There are still stations with virtual “For Sale” signs up all over the country. Allen Media still has 18 stations that Moelis is presumably out there shopping around. We keep hearing stage whispers that Sinclair still wants to be in the game, even after floating the idea that it would do a deal for TEGNA before Nexstar’s bold bet led them to fold on that play. Will they be a buyer--or will they find more places to sell off their smaller markets, freeing up some cash for a new "buy-in”?

(We should apologize here for stretching out the Poker metaphor almost as long as the Basketball one.)
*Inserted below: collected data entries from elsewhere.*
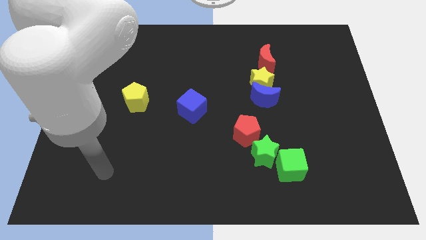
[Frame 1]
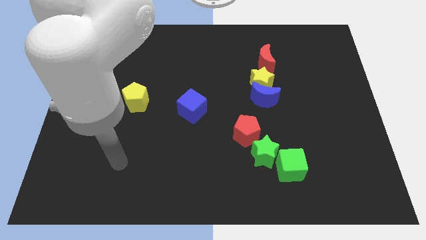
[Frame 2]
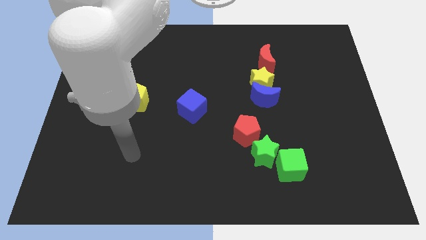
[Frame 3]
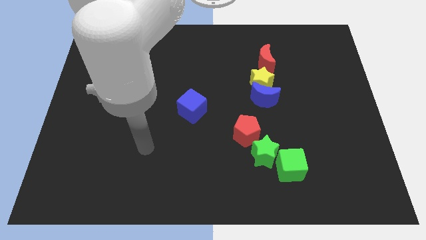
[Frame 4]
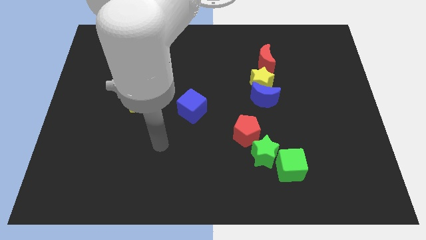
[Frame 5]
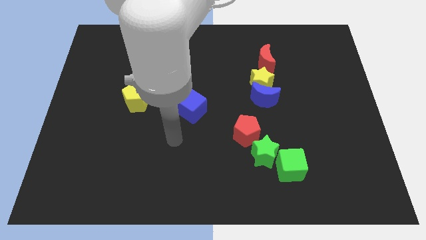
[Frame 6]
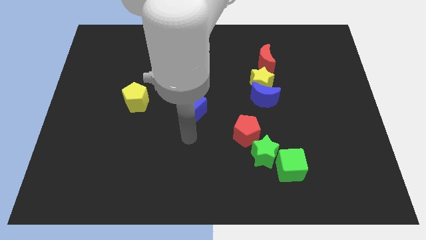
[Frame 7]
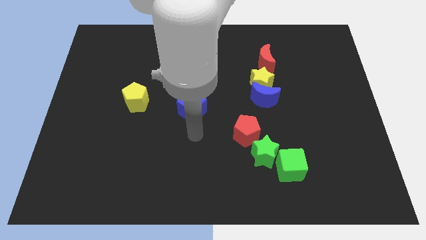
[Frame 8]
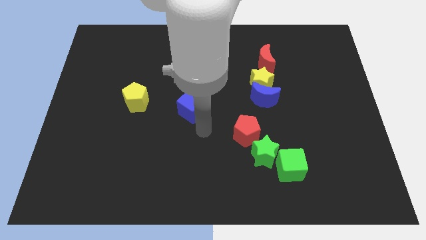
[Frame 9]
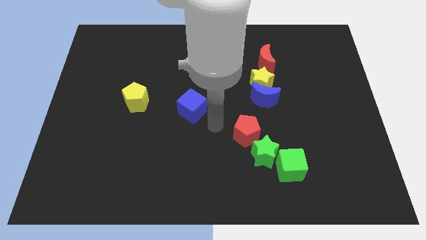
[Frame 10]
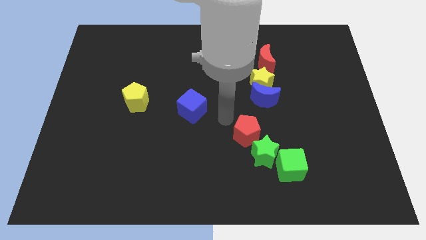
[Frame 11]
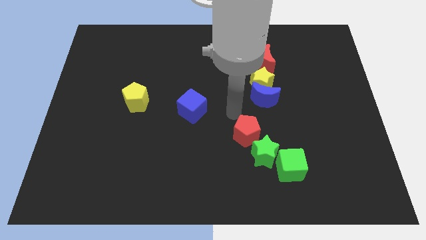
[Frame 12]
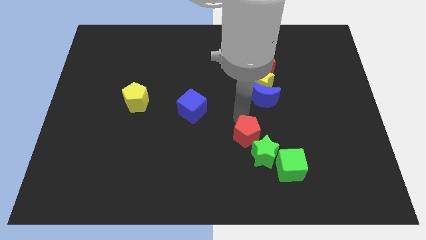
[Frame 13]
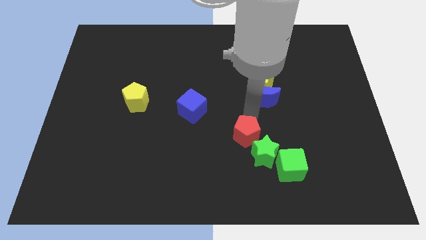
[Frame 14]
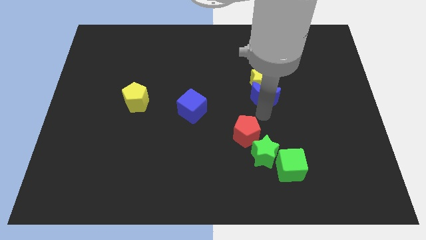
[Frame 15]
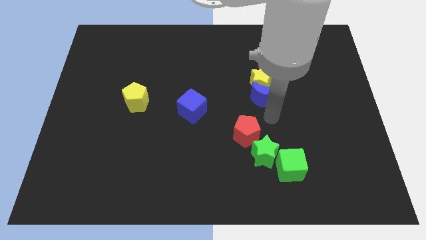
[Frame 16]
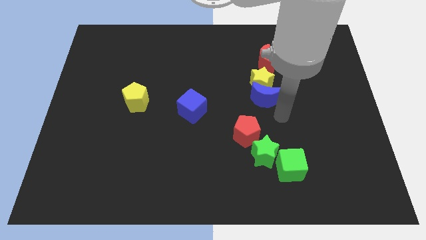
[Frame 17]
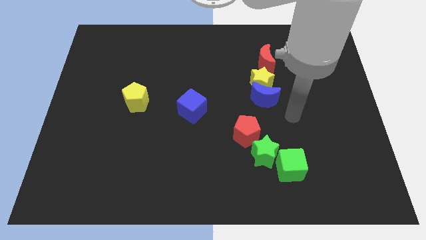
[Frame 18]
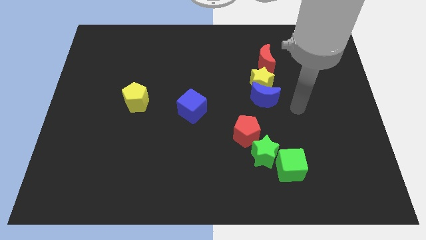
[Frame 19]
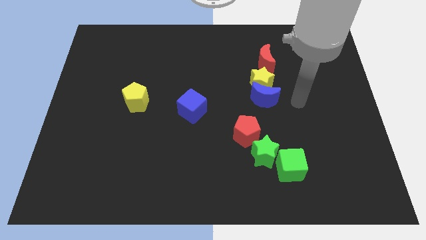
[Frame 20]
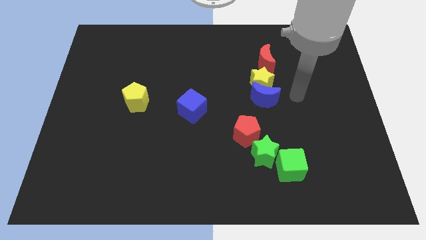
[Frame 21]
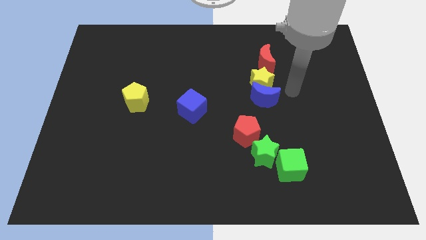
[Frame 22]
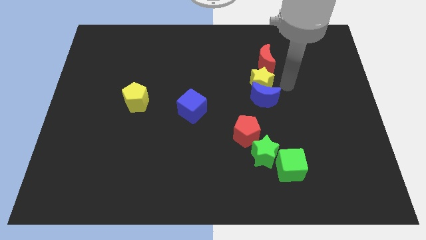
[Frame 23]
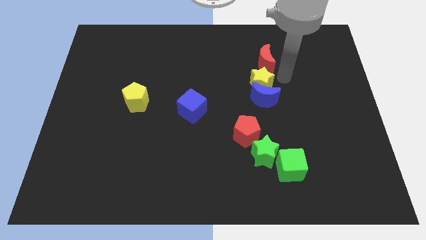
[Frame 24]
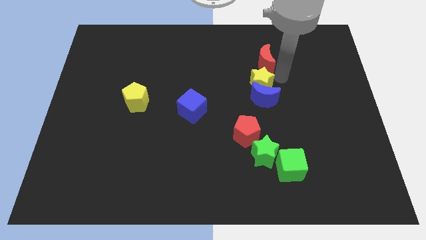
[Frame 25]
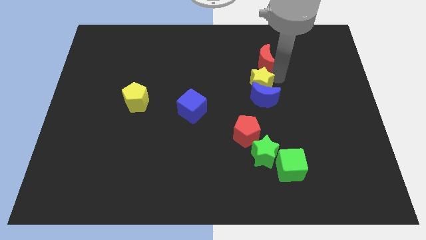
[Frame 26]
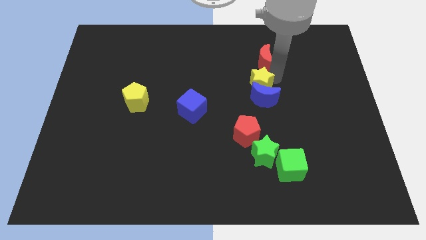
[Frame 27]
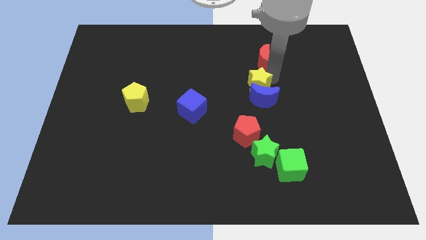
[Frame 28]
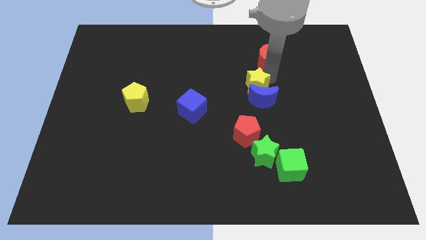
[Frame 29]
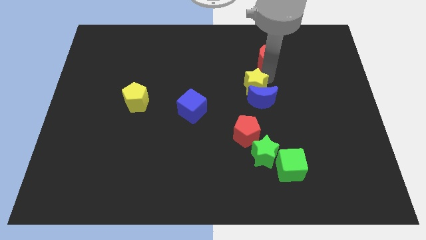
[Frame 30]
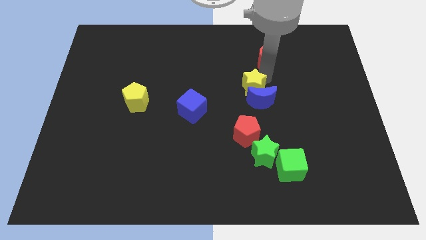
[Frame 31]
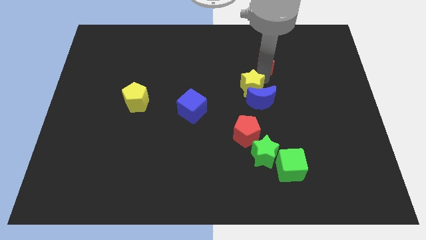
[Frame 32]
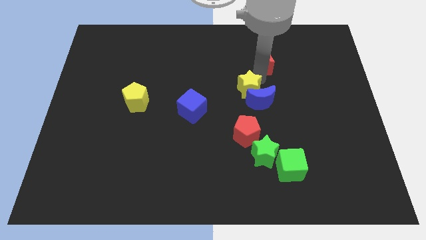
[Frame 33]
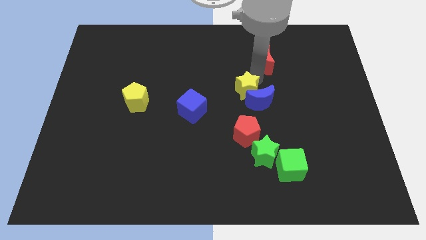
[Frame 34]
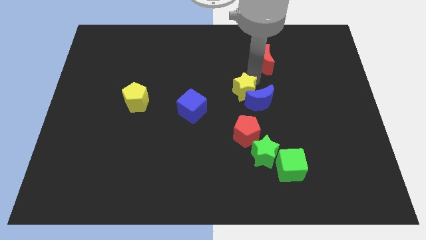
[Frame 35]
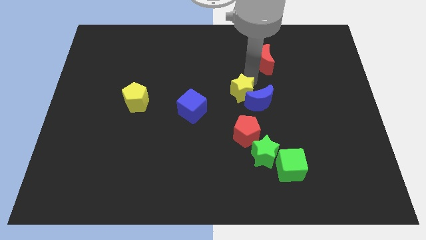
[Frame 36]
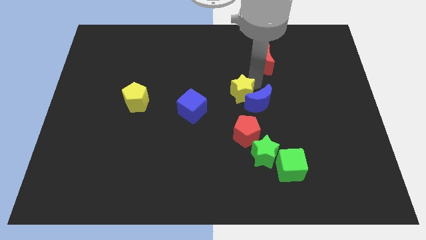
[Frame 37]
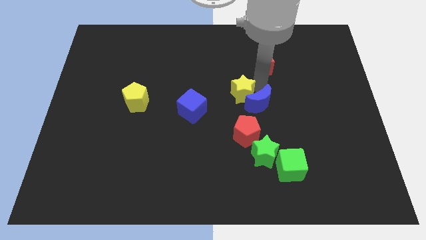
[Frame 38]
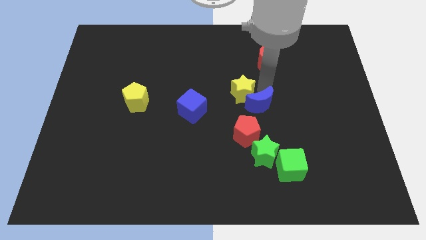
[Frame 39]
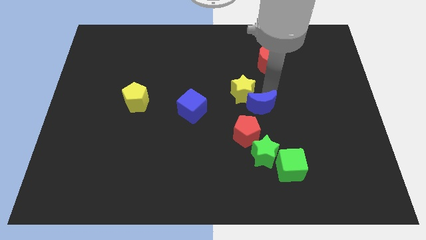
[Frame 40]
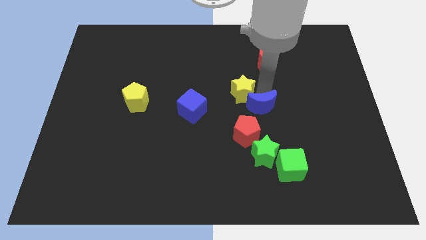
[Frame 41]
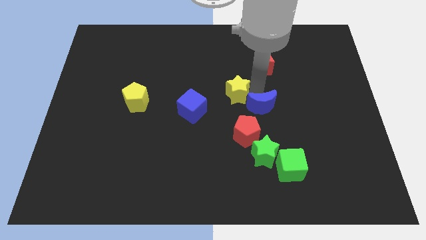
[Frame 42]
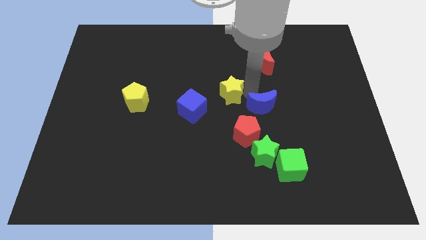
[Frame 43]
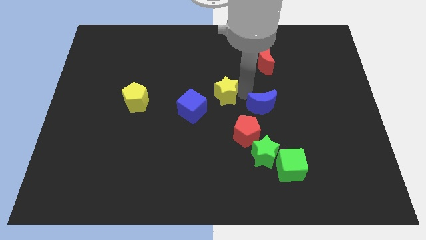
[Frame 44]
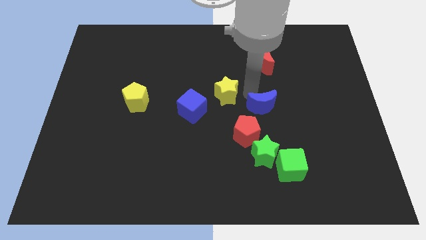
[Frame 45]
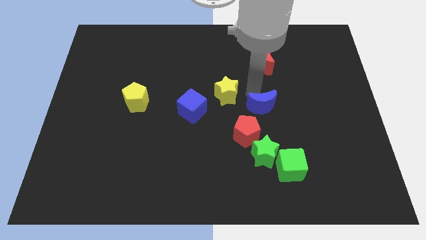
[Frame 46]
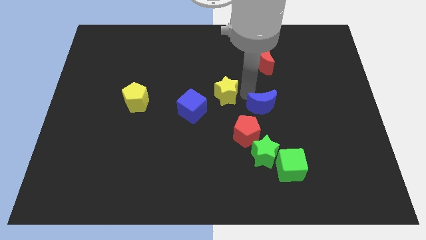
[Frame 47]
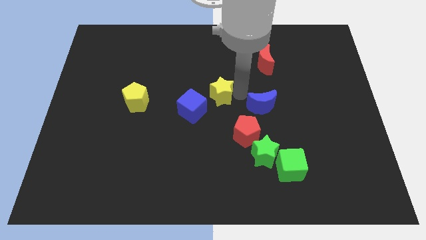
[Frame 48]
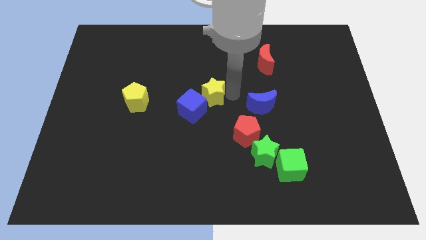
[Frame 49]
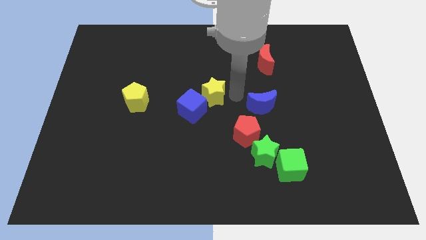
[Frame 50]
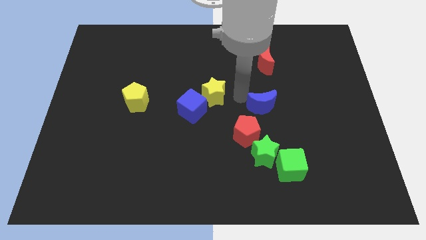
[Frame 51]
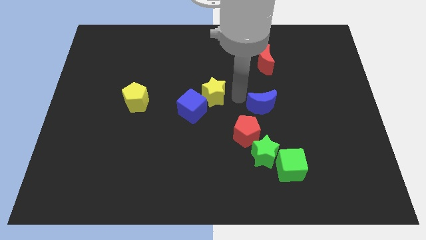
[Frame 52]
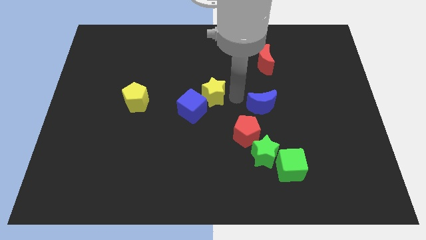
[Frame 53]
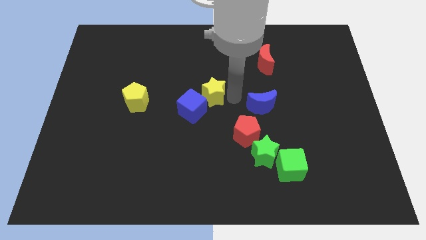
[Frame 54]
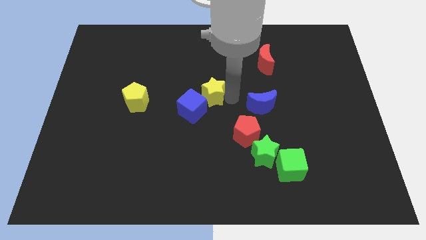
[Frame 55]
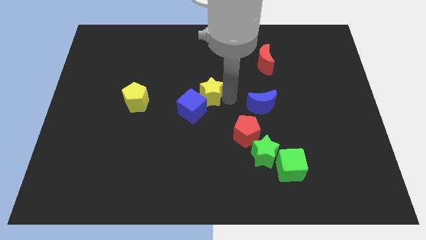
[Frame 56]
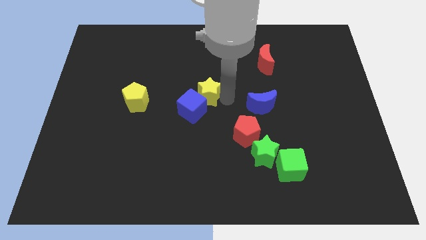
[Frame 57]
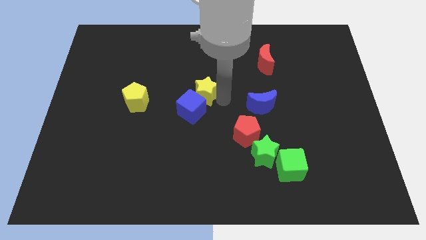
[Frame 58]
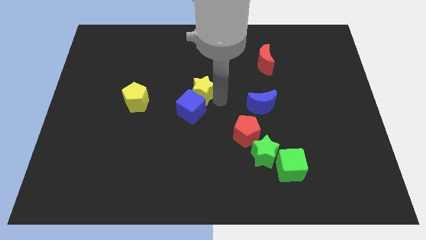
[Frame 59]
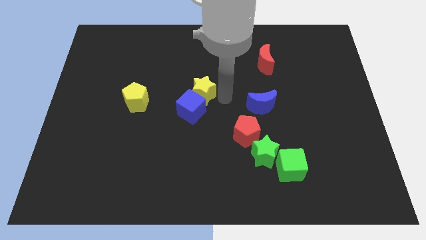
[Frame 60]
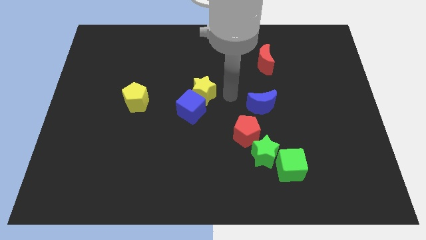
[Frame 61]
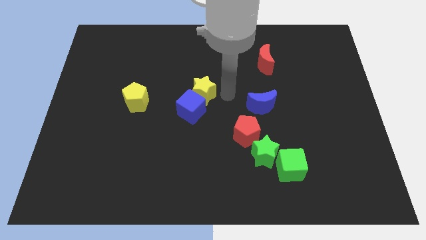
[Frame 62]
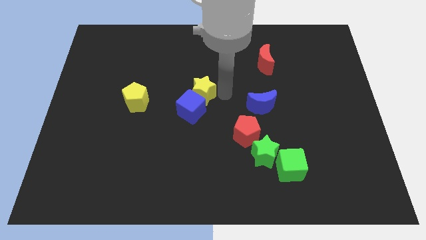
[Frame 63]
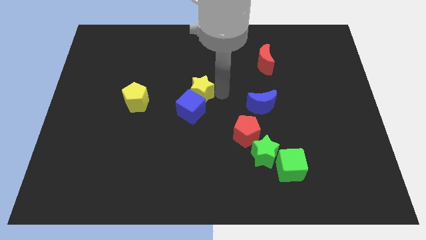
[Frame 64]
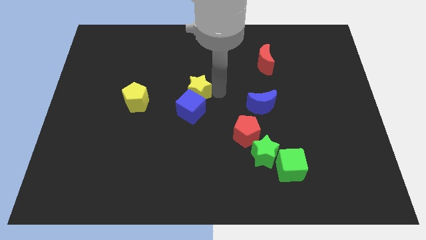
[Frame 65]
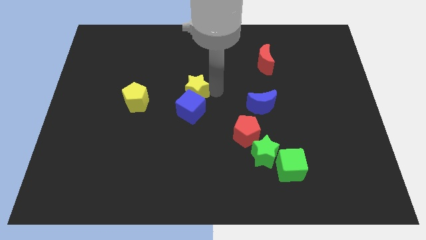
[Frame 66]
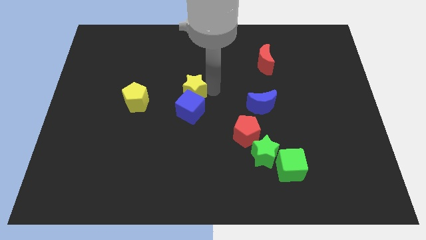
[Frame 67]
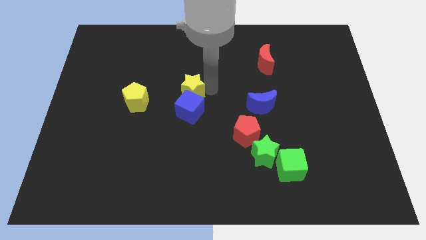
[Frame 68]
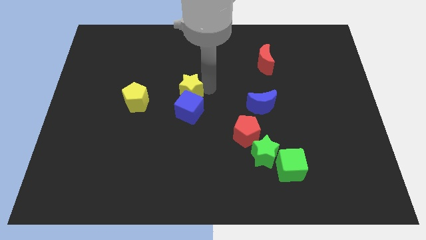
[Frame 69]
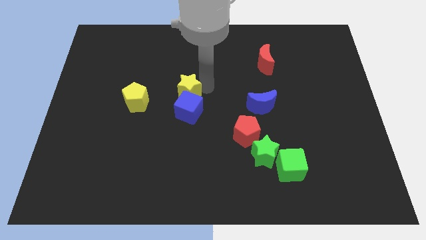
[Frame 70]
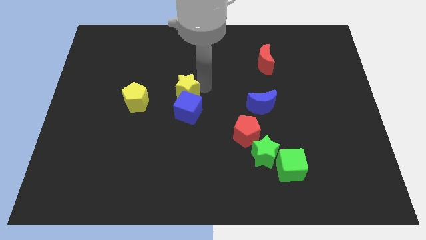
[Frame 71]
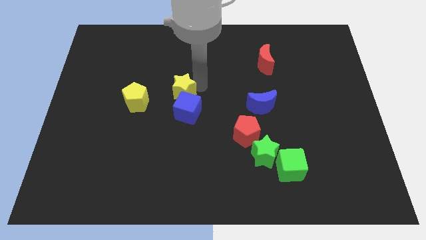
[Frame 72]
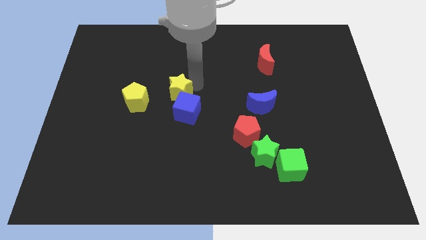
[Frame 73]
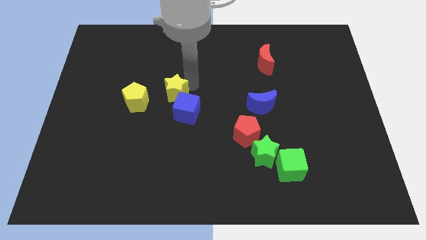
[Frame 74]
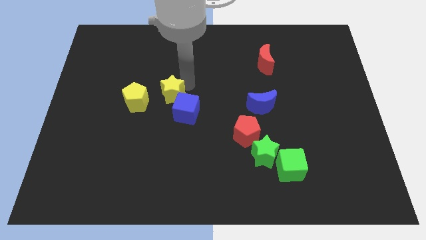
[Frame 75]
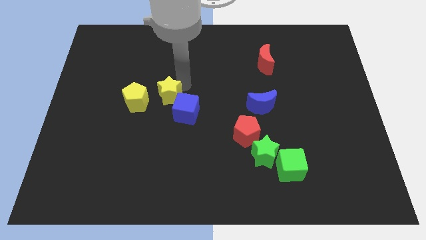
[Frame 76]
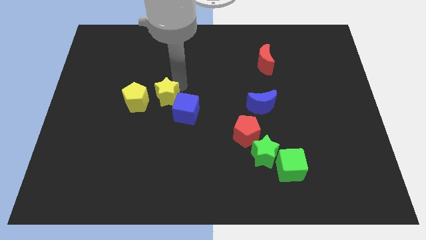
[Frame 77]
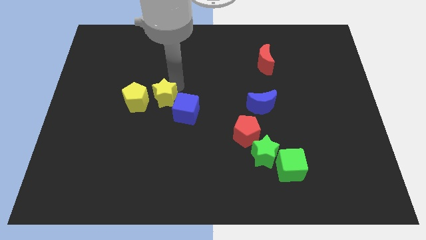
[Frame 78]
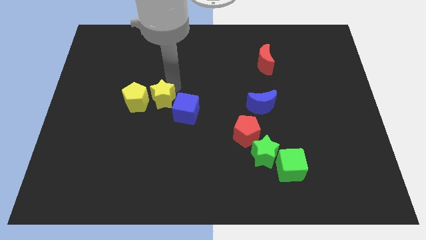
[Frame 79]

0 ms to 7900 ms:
push the yellow star to the yellow pentagon

What about the privately owned family-operated stations, such as those in single markets like The Goodmon family's in Raleigh or The Manship family's in Baton Rouge? Or the family-owned groups such as Hubbard, Sunbeam, Morgan Murphy, and News-Press Gazette? If someone showed up with enough money, would the younger generations of these families be interested in selling and exiting the television broadcasting business while their assets still have significant value? (Here’s a phrase to remember: “Never say never.”)

And no pondering of who might be sellers or buyers this fall would be complete without a mention of the Owned and Operated stations of the four big networks. The newly merged Paramount-Skydance says it still values the television business, even though the Paramount movie studio was the major attraction that led to the creation of the new PSKY trading symbol on Wall Street. But when those FCC-granted licenses for your O&O stations are the way for the current administration in Washington to make your business just a little more difficult, how much are they really worth?
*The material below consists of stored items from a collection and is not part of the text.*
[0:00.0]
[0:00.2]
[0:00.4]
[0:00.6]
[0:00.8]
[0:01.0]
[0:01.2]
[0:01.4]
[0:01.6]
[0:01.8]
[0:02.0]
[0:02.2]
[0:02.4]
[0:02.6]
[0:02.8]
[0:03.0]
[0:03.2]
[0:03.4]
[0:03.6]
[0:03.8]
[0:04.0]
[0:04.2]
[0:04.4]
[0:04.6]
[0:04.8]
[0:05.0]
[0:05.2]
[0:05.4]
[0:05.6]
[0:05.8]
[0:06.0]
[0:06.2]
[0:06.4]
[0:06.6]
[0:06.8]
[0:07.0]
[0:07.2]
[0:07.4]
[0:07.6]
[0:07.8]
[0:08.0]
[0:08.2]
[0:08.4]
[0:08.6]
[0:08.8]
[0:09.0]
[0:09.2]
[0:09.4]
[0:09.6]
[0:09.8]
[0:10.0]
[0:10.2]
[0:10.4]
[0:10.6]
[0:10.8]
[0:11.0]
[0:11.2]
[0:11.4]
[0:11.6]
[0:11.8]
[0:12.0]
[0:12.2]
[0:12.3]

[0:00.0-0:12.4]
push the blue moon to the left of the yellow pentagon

Or conversely, perhaps you want to increase the flow of retransmission consent revenue directly into the network’s bottom line? Then maybe expanding your O&O group would make sense? Does anyone not believe that Disney might at least consider the idea of owning the ABC affiliate in the same Central Florida market where it operates its very successful theme parks and cruise line?

For the record, we don’t know if any of these wild ideas has any basis in reality. All we know is that many C-suite executives are waiting and watching to see what will happen next. Along with their employees, of course. The fourth quarter of 2025, along with all four quarters of 2026, still has a lot of time left on the clock.

And nobody in the TV station business wants to get upset by "a buzzer beater."